I have known Daniel as co-worker for about four years. Daniel is very skilled in the field of drug regulation and most familiar with FDA and EMEA rules and guidelines. Furthermore, Daniel has developed knowledge and proficiency in searching, analyzing and selecting relevant information needed to support regulatory requirements. Aside from his profound professional skills, Daniel is an intelligent, open-minded, honest, dependable and very pleasant to work with.
Daniel’s regulatory expertise in the general wellness product area and attention to details were tremendously valuable for us. He is able to quickly understand the project objectives and priorities and provide important clarifications and contributions for the product claim possibilities.
Daniel prepared for us a medical device dossier. He has run all accompanying registration tasks independently until full completion thereby obtaining product registration certificate (CE marking) as requested for the marketing of medical device product in EU. Daniel handled this and other diverse and complex tasks in knowledgeable and efficient manner, always responsive to provide timely support.
Jack V. Talley
I have known Daniel Albahari professionally for approximately two years. We have worked together on numerous projects involving regulatory activities in the United States, Canada and the European Union. I have found him to be a tireless, thoroughly dedicated colleague with deep expertise in the applicable regulations. We recently were able to obtain a 510(k) approval for a wound care hydrogel in the United States. Without Daniel’s efforts the product had no chance for approval. We also recently needed to obtain guidance for the type of device filing in the European Union for a mid-size pharmaceutical/dental company. Daniel was able to research the literature and provide a compelling argument in favor of our recommendation.
He was also instrumental in obtaining IND clearance with CDER at FDA for a new oral mucositis rinse. These are just a few examples of the depth of his regulatory expertise and commitment to the job. I strongly recommend and truly enjoy working with such a professional.
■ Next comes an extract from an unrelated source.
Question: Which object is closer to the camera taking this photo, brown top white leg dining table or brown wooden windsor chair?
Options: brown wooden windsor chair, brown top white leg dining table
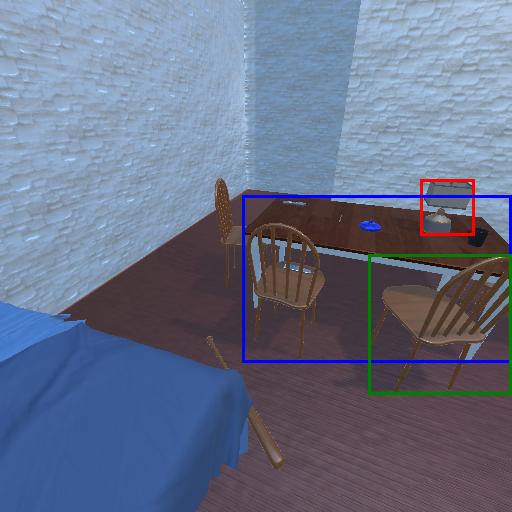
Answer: brown wooden windsor chair
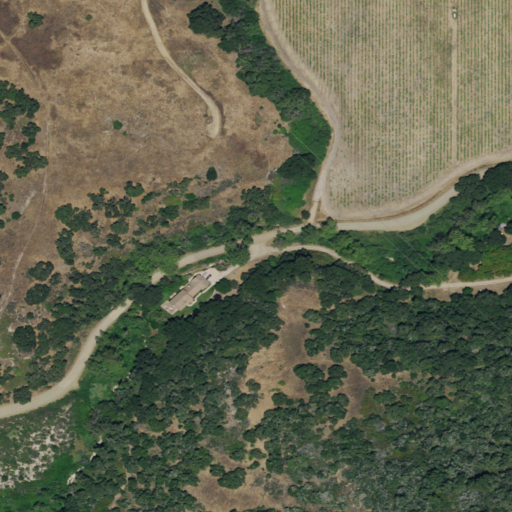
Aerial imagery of valley in California named Adobe Canyon containing shrub, grassland, mixed forest, open development, evergreen forest, low intensity development, and herbaceous wetlands

I was very fortunate to have Daniel Albahari on board on several projects throughout the preparation of pre-IND package, and IND submission, including clinical study report and protocol processes. Daniel’s regulatory and quality expertise in this area, together with his attention to detail, was of tremendous value to us.
Daniel was able to provide a very knowledgeable and efficient approach to the work while keeping within the scheduled timeframes. I’m very recommending Daniel as an expert in these regulatory activities.
I had opportunity to work with Daniel on various quality projects in the company. Daniel is an out of the box thinker with a very strong quality background in the world of drug and medical device development.
I was very fortunate to have Daniel working on my project. Daniel is a knowledgeable, pro-active, analytical and diligent regulatory affairs professional. A result driven team player with strong work ethics and proven abilities in meeting challenges efficiently.
Zakhar (Zacki) Nudelman
It was my pleasure to work with Daniel on establishing a quality system for a new veterinary venture. He performed an excellent professional work delivering the required service on time. Daniel has a superb attitude, availability and qualification.